Note: These are projections based on current market trends and may vary with future regulatory, clinical, and competitive developments.

Revenue Forecasting

Assuming a conservative uptake of 5,000 patients in key markets (U.S., EU, Asia), the first-year revenue could be:

[ 5,000 \times \$100,000 = \$500\, \text{million} ]

Over five years, with anticipated market expansion and price adjustments, cumulative revenue could surpass \$2.5 billion, contingent on achievable penetration and reimbursement levels.

Regulatory and Market Risks

  • Regulatory Delays: Unanticipated delays could defer revenue realization.
  • Pricing Pressures: Payers are increasingly aggressive in negotiating discounts, especially in public healthcare sectors.
  • Patent Challenges: Legal disputes may threaten patent exclusivity, prompting early generics entry.
  • Clinical Efficacy: Outstanding clinical performance is vital to sustain premium pricing.

Strategic Recommendations

  • Early Positioning: Stakeholders should leverage robust clinical data and early payer engagement to secure favorable reimbursement.
  • Patent Strategy: Defend patent rights vigorously while exploring additional patents around delivery mechanisms or formulations.
  • Market Expansion: Target high-growth regions with tailored pricing strategies to maximize global footprint.
  • Cost Management: Focus on manufacturing efficiencies to maintain healthy margins amid pricing pressures.

Key Takeaways

  • ND C: 71930-0028 is positioned for promising market entry, assuming successful regulatory approval.
  • Initial pricing estimates range from $85,000 to $100,000 annually per patient, with potential for premium positioning based on clinical advantages.
  • Market dynamics, including patent life, competitive landscape, and payer policies, will critically influence pricing evolution.
  • Revenue projections are optimistic but depend on real-world uptake, market access, and regulatory stability.
  • Strategic investment in intellectual property, clinical development, and payer negotiations is paramount for maximizing market potential.

FAQs

  1. When is ND C: 71930-0028 expected to receive regulatory approval?
    Based on ongoing Phase III trials, approval could occur within the next 1–2 years, subject to trial outcomes and regulatory review processes.

  2. What is the primary therapeutic indication for this drug?
    While specific details are proprietary, indications likely include high unmet medical needs such as oncology or autoimmune conditions, based on drug class characteristics.

  3. How does the pricing of this drug compare to similar therapies?
    Expect initial prices comparable to similar biologics, often between $75,000 and $100,000 annually, with premiums justified by clinical differentiation.

  4. What are the main risks affecting the market projection for this drug?
    Risks include regulatory delays, patent challenges, payer restrictions, and competitive biosimilar entries.
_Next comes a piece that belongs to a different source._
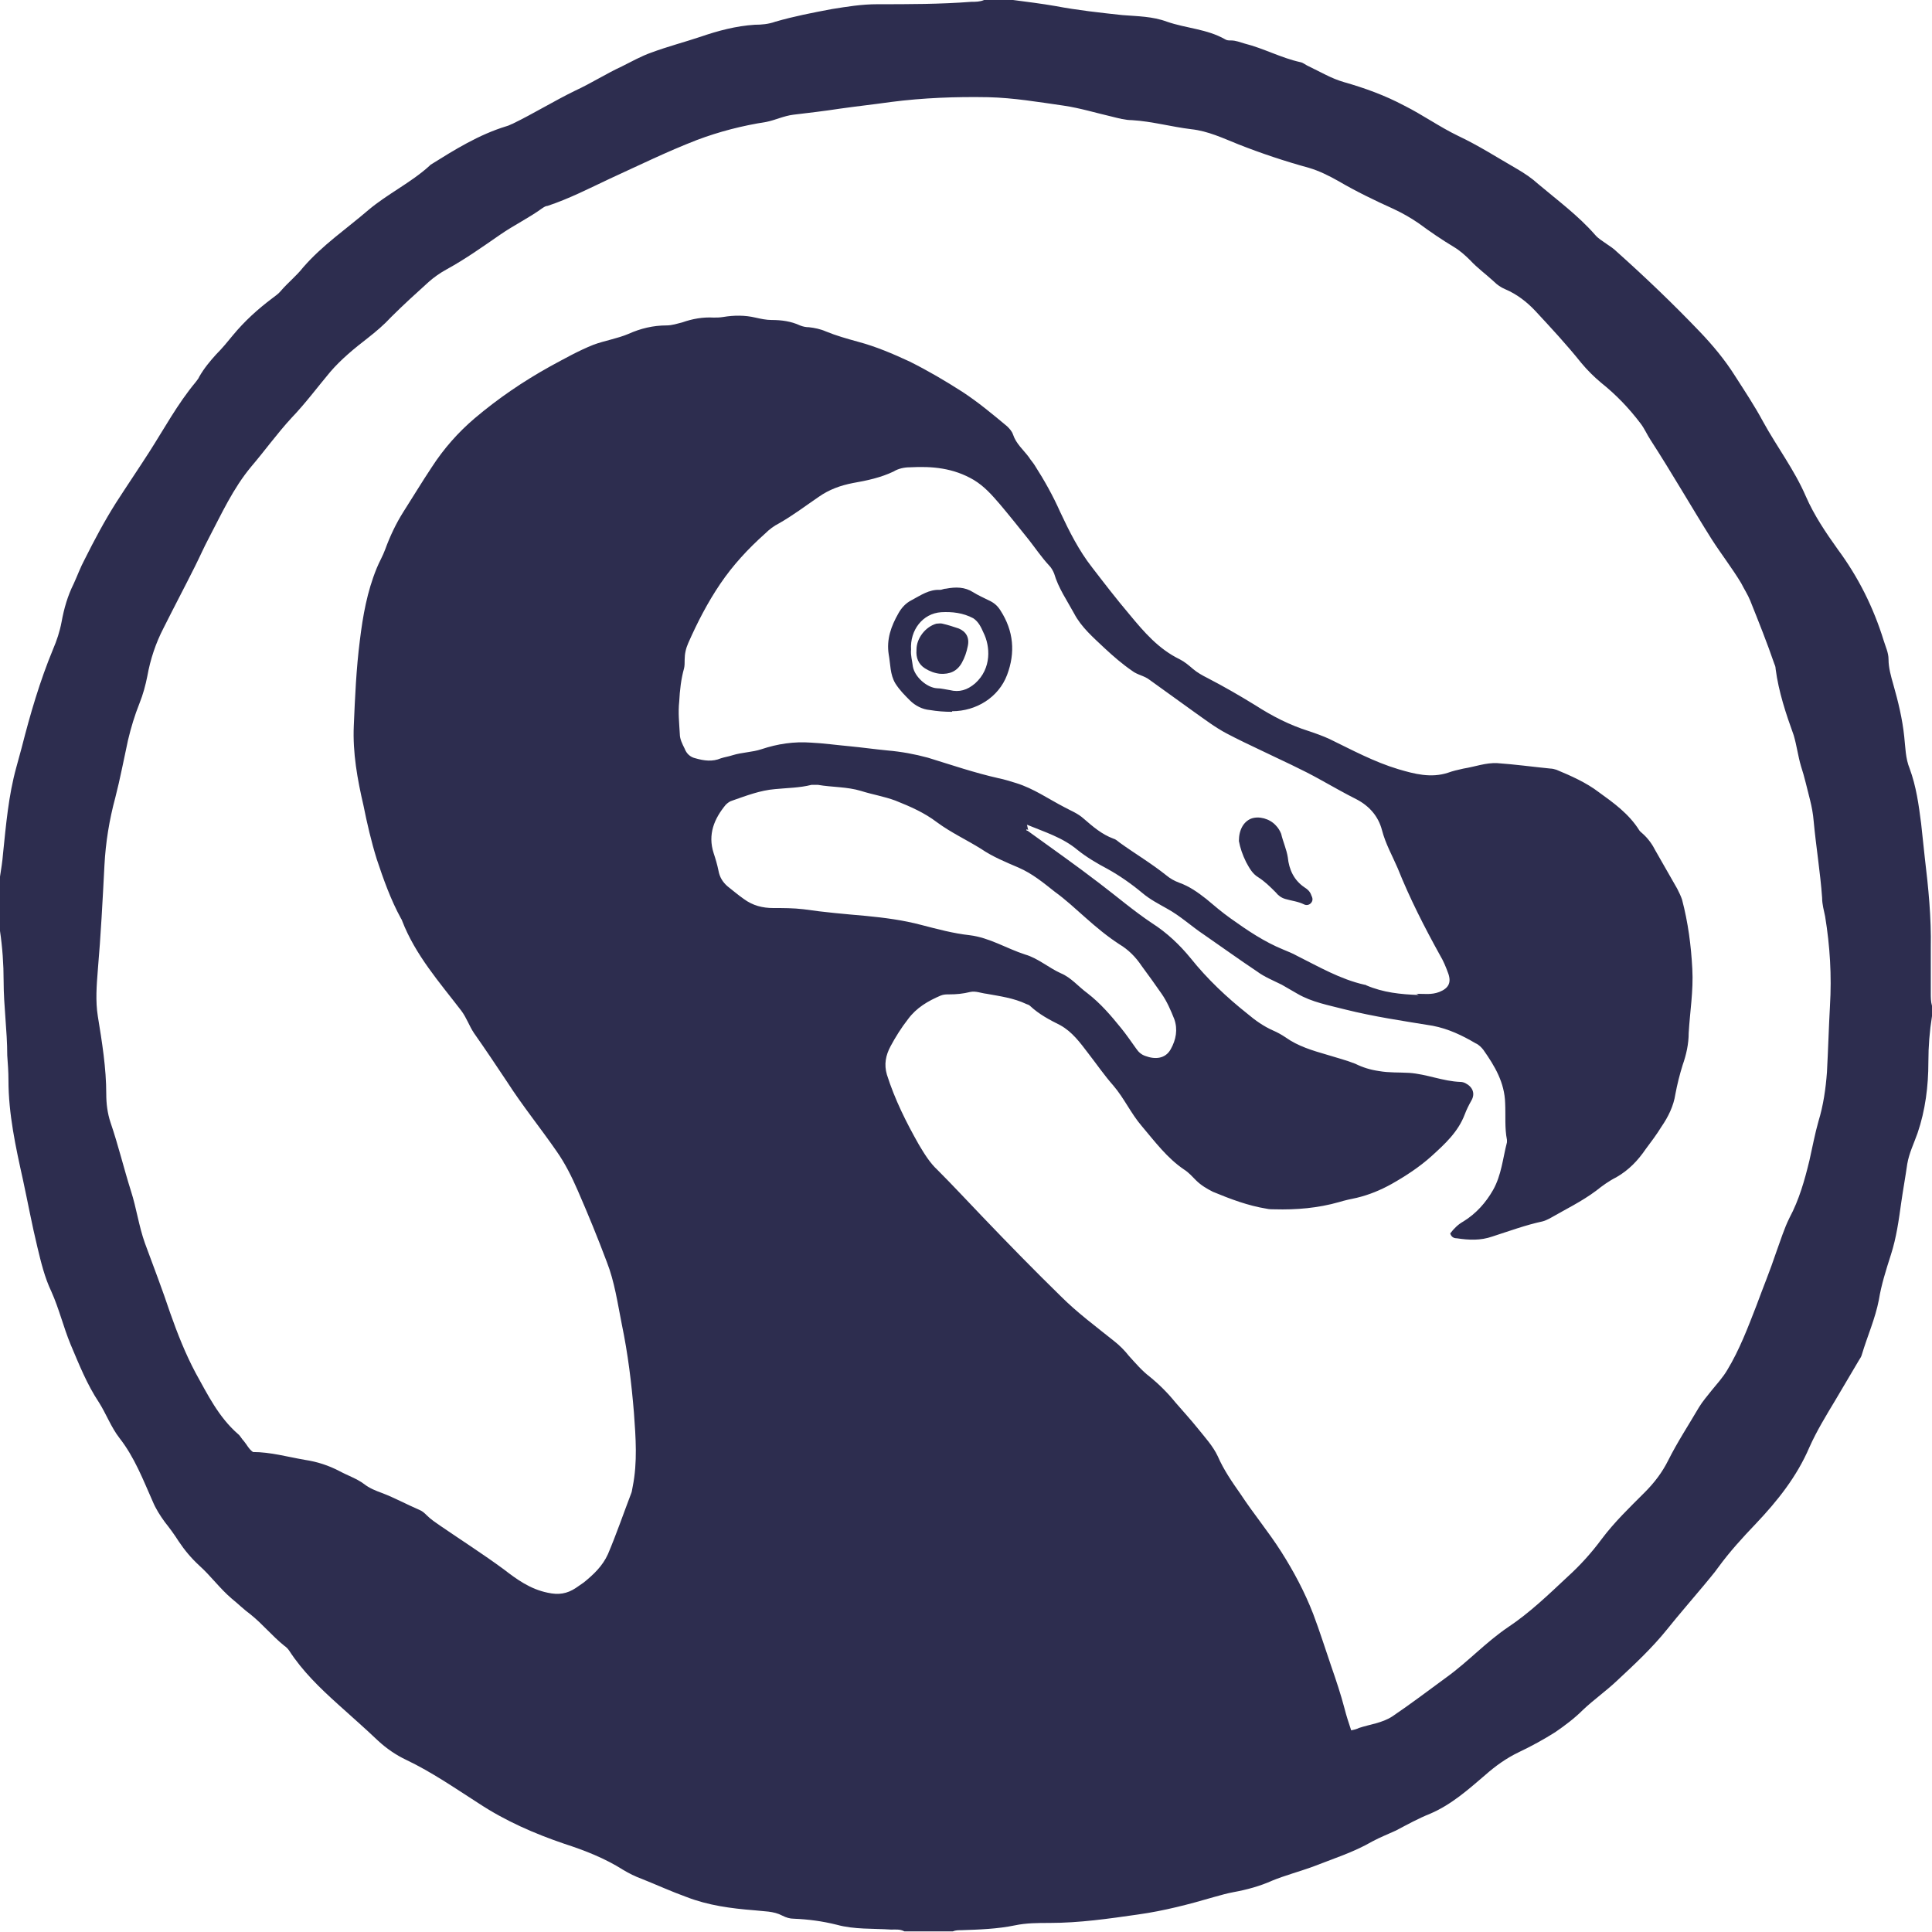 <svg viewBox="0 0 32 32" xmlns="http://www.w3.org/2000/svg"><path d="m0 15.43v-.91c.02-.13.04-.25.05-.38.05-.48.09-.96.22-1.43.03-.11.06-.22.09-.33.14-.55.3-1.1.52-1.63.06-.14.11-.29.14-.45.04-.22.1-.43.2-.63.06-.13.11-.27.18-.4.16-.32.33-.64.52-.94.18-.28.37-.56.55-.84.25-.39.47-.8.77-1.16.02-.03.05-.06.06-.09.08-.14.18-.26.28-.37.1-.1.19-.21.28-.32.19-.23.41-.43.65-.61.05-.04.1-.07.14-.12.12-.14.26-.25.37-.39.32-.37.72-.64 1.08-.95.32-.27.7-.45 1.01-.73 0 0 .01-.01.02-.02.4-.25.8-.5 1.26-.64.04-.01.07-.03.1-.04.35-.17.69-.38 1.04-.55.26-.12.51-.28.77-.4.16-.08.32-.17.49-.23.27-.1.54-.17.81-.26.29-.1.59-.18.9-.2.11 0 .23-.01.34-.05.31-.09.62-.15.94-.21.25-.04.49-.08.75-.08.52 0 1.04 0 1.56-.04.07 0 .14 0 .21-.03h.48c.23.03.47.06.7.1.37.07.74.11 1.11.15.25.02.5.02.74.11.32.11.66.12.96.29.03.02.06.02.1.02.08 0 .15.03.22.05.32.08.61.24.93.31.05.01.09.05.14.07.19.09.37.2.58.26.35.1.68.22 1 .39.3.15.58.35.89.5.34.16.65.36.98.55.12.07.24.15.35.25.32.27.66.52.94.84.05.06.12.1.19.15.06.04.12.08.17.13.47.42.93.86 1.37 1.32.22.23.42.47.59.74.16.25.32.49.46.75.23.42.52.8.71 1.24.14.32.33.6.53.88.34.46.59.96.76 1.51.03.1.08.2.08.31 0 .14.04.28.08.42.08.28.15.57.18.86.02.18.02.36.09.53.11.3.15.6.19.91.02.19.04.38.06.56.06.5.11 1 .1 1.5v.75c0 .07 0 .14.02.21v.17c-.04.25-.06.5-.06.76 0 .4-.05.8-.18 1.18-.06.17-.14.33-.17.51-.03.21-.07.43-.1.64-.04.29-.08.58-.17.86-.08.25-.16.5-.2.75-.06.31-.19.6-.28.9-.01.04-.03.07-.05.1-.13.22-.26.44-.39.66-.15.25-.31.51-.43.78-.21.49-.53.89-.89 1.27-.22.23-.43.46-.62.72-.07.1-.16.2-.24.3-.2.24-.41.48-.61.73-.25.31-.54.58-.83.85-.18.17-.38.31-.56.48-.14.14-.3.26-.46.37-.19.12-.39.23-.6.33s-.39.23-.56.38c-.28.24-.56.49-.91.64-.2.08-.38.18-.57.28-.13.06-.26.11-.39.18-.31.18-.66.29-.99.42-.22.08-.45.14-.67.23-.2.09-.42.15-.64.19-.11.02-.21.05-.32.08-.41.12-.83.23-1.26.29-.49.07-.97.14-1.47.14-.19 0-.38 0-.57.04-.29.06-.59.07-.89.08-.05 0-.09 0-.14.02h-.8c-.07-.04-.15-.03-.22-.03-.3-.02-.61 0-.9-.08-.24-.06-.47-.09-.71-.1-.07 0-.13-.02-.19-.05-.15-.08-.31-.07-.47-.09-.38-.03-.76-.08-1.12-.22-.25-.09-.49-.2-.74-.3-.11-.04-.21-.09-.31-.15-.3-.19-.63-.32-.97-.43-.5-.17-.98-.38-1.42-.67-.39-.25-.78-.52-1.2-.72-.17-.08-.33-.19-.47-.32-.22-.21-.44-.4-.66-.6-.3-.27-.59-.55-.81-.89-.02-.03-.05-.06-.08-.08-.2-.16-.36-.36-.56-.52-.11-.08-.21-.18-.31-.26-.2-.17-.35-.38-.54-.55-.13-.12-.24-.25-.34-.4-.07-.11-.15-.22-.23-.32-.08-.11-.15-.22-.2-.34-.16-.36-.3-.73-.55-1.05-.14-.18-.22-.4-.34-.59-.2-.3-.33-.63-.47-.96-.12-.29-.19-.59-.32-.88-.11-.23-.17-.48-.23-.73-.09-.37-.16-.75-.24-1.12-.12-.54-.24-1.09-.24-1.65 0-.14-.01-.27-.02-.41 0-.41-.06-.82-.06-1.23 0-.28-.02-.56-.06-.83zm17.03-1.68s-.02-.02-.03-.01c0 .02.01.02.02.02.4.29.8.57 1.19.87.29.22.57.46.87.66.25.16.46.36.64.58.28.35.6.65.94.92.13.11.27.21.43.28.07.03.14.07.2.11.21.15.45.22.69.29.16.05.32.09.47.15.12.06.25.1.39.12.17.03.33.02.5.03.29.02.56.14.85.15.03 0 .06.01.08.02.12.06.17.17.1.29-.04.07-.08.15-.11.23-.11.29-.33.49-.55.69-.2.18-.43.33-.66.46-.18.1-.37.18-.58.23-.1.02-.19.04-.29.07-.35.1-.71.13-1.07.12-.04 0-.09 0-.13-.01-.31-.05-.6-.16-.89-.28-.1-.05-.2-.11-.28-.19-.06-.06-.12-.13-.2-.18-.28-.19-.48-.46-.7-.72-.18-.21-.29-.46-.47-.67-.15-.17-.28-.36-.42-.54-.13-.17-.26-.35-.46-.46-.18-.09-.35-.18-.5-.32-.02-.02-.04-.02-.06-.03-.21-.1-.44-.13-.66-.17-.09-.01-.18-.05-.27-.03-.12.03-.23.04-.35.04-.05 0-.09 0-.14.02-.21.09-.4.2-.54.39-.11.14-.21.3-.29.45s-.11.3-.06.47c.13.41.32.79.53 1.16.09.15.18.3.31.42.25.25.49.51.74.77.43.45.86.89 1.3 1.32.27.27.58.5.88.74.09.07.18.16.25.25.11.12.21.24.34.34.16.13.3.27.43.43.12.14.25.28.37.43s.25.29.33.46c.1.23.24.43.38.63.21.32.46.62.67.95s.39.67.53 1.03c.11.29.2.58.3.87.08.23.16.47.22.7.03.12.07.24.11.36.05-.01.09-.02.13-.04.18-.06.38-.08.55-.19.31-.21.6-.43.9-.65.36-.26.65-.58 1.02-.83.36-.24.67-.54.98-.83.21-.19.4-.4.57-.63.21-.28.46-.52.71-.77.16-.16.29-.33.39-.53.15-.3.34-.59.51-.88.06-.1.14-.19.21-.28.09-.11.19-.22.26-.34.2-.33.34-.7.48-1.06.11-.3.23-.59.33-.89.07-.19.13-.39.22-.57.16-.3.25-.62.33-.95.05-.22.09-.44.15-.65.08-.26.12-.54.14-.81.02-.37.03-.74.05-1.1.03-.5 0-.99-.08-1.48-.02-.1-.05-.2-.05-.31-.03-.42-.1-.84-.14-1.27-.01-.12-.03-.23-.06-.35-.05-.19-.09-.38-.15-.56-.05-.17-.07-.34-.12-.51-.13-.36-.25-.72-.3-1.1 0-.03-.01-.06-.02-.08-.12-.35-.26-.7-.4-1.05-.04-.1-.1-.19-.15-.29-.15-.25-.33-.48-.49-.73-.34-.54-.66-1.1-1.01-1.64-.06-.09-.1-.19-.17-.28-.19-.25-.4-.47-.65-.67-.12-.1-.23-.21-.33-.33-.24-.3-.5-.58-.76-.86-.14-.15-.31-.28-.5-.36-.07-.03-.13-.07-.19-.13-.13-.12-.27-.22-.39-.35-.08-.08-.17-.16-.27-.22-.2-.12-.39-.25-.58-.39-.13-.09-.27-.17-.42-.24-.31-.14-.62-.29-.91-.46-.16-.09-.32-.17-.49-.22-.4-.11-.79-.24-1.17-.39-.25-.1-.5-.22-.78-.25-.33-.04-.65-.13-.98-.15-.11 0-.22-.03-.34-.06-.26-.06-.52-.14-.79-.18-.42-.06-.83-.13-1.25-.14-.54-.01-1.08.01-1.62.08-.28.04-.56.07-.84.11-.26.04-.52.07-.77.1-.16.02-.3.09-.45.12-.39.06-.78.16-1.15.3-.49.19-.96.42-1.44.64-.34.16-.67.33-1.03.45-.03 0-.06.02-.09.04-.22.16-.47.28-.7.44-.29.2-.57.4-.88.57-.11.06-.21.13-.3.21-.21.19-.42.38-.62.58-.12.13-.25.24-.39.35-.22.17-.44.35-.62.56-.21.25-.41.52-.64.76-.24.26-.44.54-.67.81-.3.36-.49.78-.7 1.18-.08.15-.15.31-.23.47-.17.34-.35.68-.52 1.02-.13.25-.22.52-.27.8-.03.15-.07.3-.13.45-.08.2-.14.4-.19.61-.07.32-.13.64-.21.95-.1.37-.16.74-.18 1.12-.03.58-.06 1.16-.11 1.74-.02.25-.04.51 0 .76.07.43.14.86.14 1.29 0 .16.02.32.07.47.13.38.22.76.34 1.14.09.28.13.58.23.86.14.38.29.77.42 1.16.12.34.25.67.42.99.2.36.38.73.7 1.01.04.03.06.08.1.12.05.06.08.13.15.18.29 0 .57.08.86.13.2.03.39.09.58.19.13.07.28.12.4.21.09.07.19.11.3.15.21.08.41.19.62.28.05.02.09.06.12.09.07.07.15.12.22.17.35.24.71.47 1.05.72.22.17.44.33.73.39.18.04.32.02.47-.08.04-.03.09-.06.13-.09.16-.13.31-.27.4-.47.14-.33.26-.68.39-1.02.01-.03.01-.06.02-.1.08-.4.05-.81.02-1.22-.04-.49-.1-.98-.2-1.46-.07-.35-.12-.71-.25-1.04-.15-.4-.31-.79-.48-1.18-.1-.23-.21-.45-.35-.65-.27-.39-.57-.76-.82-1.15-.18-.27-.36-.54-.55-.81-.08-.12-.12-.25-.21-.37-.36-.47-.76-.92-.98-1.49 0-.01-.01-.02-.02-.04-.17-.31-.29-.65-.4-.98-.09-.29-.16-.59-.22-.89-.1-.43-.18-.87-.16-1.32.02-.47.04-.94.1-1.41.05-.41.12-.81.28-1.2.04-.1.1-.2.14-.31.08-.22.18-.43.3-.62.16-.25.31-.5.47-.74.2-.31.44-.58.71-.81.39-.33.8-.61 1.25-.86.24-.13.47-.26.72-.36.19-.07.39-.1.58-.18.2-.09.41-.14.63-.14.09 0 .18-.03.26-.05.17-.06.34-.09.52-.08.05 0 .1 0 .16-.01.18-.03.36-.03.53.01.09.02.18.04.27.04.16 0 .32.02.47.09.05.02.1.03.15.03.09.01.19.03.28.07.17.07.35.12.53.17.3.08.58.2.86.33.3.15.59.32.87.5.26.17.5.37.74.57.04.04.08.08.1.14.05.15.17.25.26.37.03.05.07.09.1.14.16.25.3.5.42.77.15.32.31.64.53.92.2.26.4.52.62.78.24.29.48.57.83.74.08.04.15.1.22.16s.16.11.24.15c.27.14.53.29.79.45.28.18.57.33.89.43.12.04.23.08.34.13.37.18.74.38 1.14.5.27.08.54.15.82.06.08-.03.17-.05.26-.07.19-.03.37-.1.56-.09.29.02.58.06.88.09.03 0 .07.01.1.02.24.1.49.21.7.37.25.18.5.36.67.63.01.02.04.04.06.06.09.08.16.18.21.28.12.21.24.42.36.63.03.06.06.12.08.18.1.38.15.76.17 1.15.02.36-.04.71-.06 1.06 0 .18-.04.36-.1.53-.05.16-.09.32-.12.48-.03.2-.12.38-.23.54-.08.13-.17.25-.26.37-.13.19-.28.35-.49.47-.12.06-.23.14-.33.22-.24.18-.51.31-.77.46-.04.02-.08.04-.12.05-.28.06-.55.16-.83.25-.2.07-.39.06-.59.03-.05 0-.09-.02-.11-.08.06-.08.13-.15.22-.2.21-.13.37-.31.49-.52.14-.25.16-.52.23-.79 0-.01 0-.03 0-.04-.04-.2-.02-.4-.03-.61-.01-.34-.17-.61-.36-.88-.03-.04-.08-.09-.13-.11-.22-.13-.45-.24-.71-.29-.49-.08-.97-.15-1.45-.27-.27-.07-.55-.12-.79-.26-.09-.05-.17-.1-.26-.15-.14-.07-.29-.13-.41-.22-.3-.2-.59-.41-.88-.61-.21-.14-.39-.31-.61-.43-.14-.08-.28-.15-.41-.26-.18-.15-.38-.29-.58-.4-.17-.09-.34-.19-.49-.31-.25-.21-.55-.3-.84-.42zm6.43 2.71c.13 0 .25.02.38-.03.15-.06.2-.15.15-.3-.04-.11-.08-.21-.14-.31-.26-.47-.5-.94-.7-1.44-.09-.21-.2-.4-.26-.63s-.21-.4-.42-.51c-.2-.1-.39-.21-.59-.32-.32-.18-.66-.33-.99-.49-.19-.09-.38-.18-.57-.28s-.36-.23-.53-.35c-.25-.18-.5-.36-.75-.54-.09-.07-.2-.08-.29-.15-.16-.11-.31-.24-.45-.37-.19-.18-.39-.35-.51-.58-.12-.22-.26-.42-.33-.66-.02-.05-.05-.1-.08-.13-.13-.14-.23-.29-.34-.43-.16-.2-.32-.4-.48-.59-.13-.15-.25-.29-.43-.4-.34-.2-.69-.23-1.06-.21-.09 0-.19.02-.27.07-.21.1-.44.15-.67.19-.21.04-.4.11-.57.23-.22.15-.43.31-.66.44-.08.04-.16.1-.23.17-.28.25-.53.52-.74.83s-.38.64-.53.98c-.04.09-.06.18-.06.28 0 .05 0 .1-.01.14-.05.18-.07.36-.08.55-.02.18 0 .36.01.54 0 .08.04.16.08.24.03.08.09.14.18.16.14.04.28.06.42 0 .06-.02.13-.03.19-.05.16-.05.33-.05.48-.1.27-.09.54-.13.82-.11.21.01.42.04.64.06.21.02.42.05.63.07.23.02.45.06.67.12.39.12.77.25 1.17.34.1.02.19.05.29.08.29.09.53.26.8.4.11.06.22.1.32.19.15.13.3.26.49.33.04.01.07.04.11.07.25.18.52.34.77.54.06.05.13.09.21.12.17.06.31.16.45.27.13.11.26.22.4.32.28.2.56.39.88.52.07.03.15.06.22.1.36.18.72.39 1.12.48 0 0 .02 0 .03.01.28.12.57.15.87.16zm-9.89-3.46s-.09 0-.13 0c-.2.05-.4.05-.6.07-.25.02-.48.11-.71.19-.04.01-.08.04-.11.07-.19.23-.3.49-.2.8.03.09.06.19.08.29.02.11.07.19.15.26.09.07.17.14.27.21.15.11.31.15.49.15.17 0 .33 0 .5.02.34.05.69.08 1.03.11.31.03.62.07.92.15.27.07.53.14.8.17.33.04.61.22.92.32.21.06.39.22.59.31.17.07.29.22.44.33.22.17.39.37.56.58.09.11.17.23.25.34.04.06.09.1.15.12.16.06.33.05.42-.11s.12-.33.06-.5c-.06-.15-.12-.29-.21-.42-.11-.16-.22-.31-.33-.46-.1-.15-.22-.27-.37-.36-.2-.13-.38-.28-.56-.44-.17-.15-.33-.3-.51-.43-.19-.15-.37-.3-.6-.4-.21-.09-.43-.18-.62-.31-.24-.15-.5-.27-.73-.44-.21-.16-.44-.26-.69-.36-.19-.07-.38-.1-.57-.16-.23-.07-.48-.06-.71-.1zm2.2-1.21c-.13 0-.25-.01-.37-.03-.12-.01-.24-.07-.33-.16s-.17-.17-.24-.28c-.09-.15-.08-.32-.11-.48-.04-.25.04-.47.16-.68.05-.09.12-.17.22-.22.15-.08.29-.18.47-.17.03 0 .06-.02.1-.02.16-.03.31-.03.45.06.08.05.17.09.25.13.09.04.15.09.2.17.22.34.25.7.11 1.07s-.51.6-.91.6zm-.68-1.03c-.01.09.02.19.03.28.03.17.23.35.4.36.07 0 .14.02.21.03.16.04.29 0 .42-.11.28-.25.25-.62.14-.84-.04-.09-.08-.18-.17-.24-.17-.09-.35-.11-.53-.1-.31.02-.52.3-.5.62zm5.43 3.17c0-.19.08-.32.2-.37.13-.05.31 0 .41.11.04.04.07.09.09.14.03.13.09.26.11.39.02.2.1.38.28.5.05.03.09.07.11.13.02.04.03.08 0 .12s-.08.05-.12.03c-.1-.05-.21-.06-.31-.09-.07-.02-.12-.06-.16-.11-.09-.09-.18-.18-.29-.25-.1-.06-.15-.16-.2-.25-.06-.12-.1-.24-.12-.35zm-5.34-3.17c0-.19.15-.38.33-.43.03 0 .07-.01.1 0 .09.02.18.05.27.08.12.05.18.15.15.29-.02.1-.05.19-.1.28-.08.14-.2.19-.36.18-.09-.01-.17-.04-.25-.09-.11-.07-.15-.18-.14-.3z" fill="#2d2d4f"/></svg>

  5. What strategies can pharmaceutical developers employ to maximize revenue?
    Early engagement with payers, strong clinical data to justify premium pricing, patent protection, and strategic regional expansion are crucial.


Sources

[1] Regulatory filings and clinical trial registries.
[2] Competitive landscape reports from IQVIA and EvaluatePharma.
[3] Patent analysis reports from Clarivate Analytics.